Required work
Repeat, word for word, each of the records shown below, without their pictures.

Excerpted data
——

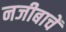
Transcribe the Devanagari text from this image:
नजीबाचें
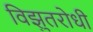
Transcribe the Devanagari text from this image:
विझुतरोधी
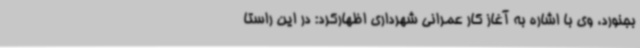
بجنورد، وی با اشاره به آغاز کار عمرانی شهرداری اظهارکرد: در این راستا
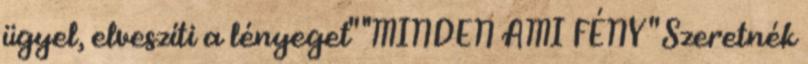
ügyel, elveszíti a lényeget" ''MINDEN AMI FÉNY " Szeretnék
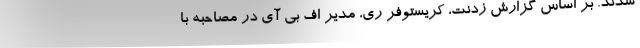
شدند. بر اساس گزارش زدنت، کریستوفر ری، مدیر اف بی آی در مصاحبه با
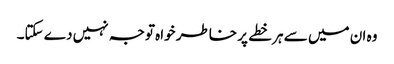
وہ ان میں سے ہر خطے پر خاطر خواہ توجہ نہیں دے سکتا۔
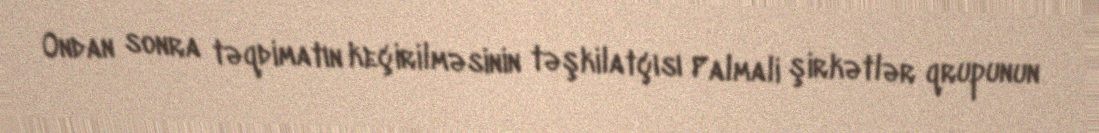
Ondan sonra təqdimatın keçirilməsinin təşkilatçısı Palmali şirkətlər qrupunun
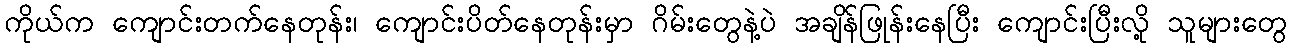
ကိုယ်က ကျောင်းတက်နေတုန်း၊ ကျောင်းပိတ်နေတုန်းမှာ ဂိမ်းတွေနဲ့ပဲ အချိန်ဖြုန်းနေပြီး ကျောင်းပြီးလို့ သူများတွေ
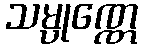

——

Result
Transcribe the Devanagari text from this image:
नजीबाचें
Transcribe the Devanagari text from this image:
विझुतरोधी
بجنورد، وی با اشاره به آغاز کار عمرانی شهرداری اظهارکرد: در این راستا
ügyel, elveszíti a lényeget" ''MINDEN AMI FÉNY " Szeretnék
شدند. بر اساس گزارش زدنت، کریستوفر ری، مدیر اف بی آی در مصاحبه با
وہ ان میں سے ہر خطے پر خاطر خواہ توجہ نہیں دے سکتا۔
Ondan sonra təqdimatın keçirilməsinin təşkilatçısı Palmali şirkətlər qrupunun
ကိုယ်က ကျောင်းတက်နေတုန်း၊ ကျောင်းပိတ်နေတုန်းမှာ ဂိမ်းတွေနဲ့ပဲ အချိန်ဖြုန်းနေပြီး ကျောင်းပြီးလို့ သူများတွေ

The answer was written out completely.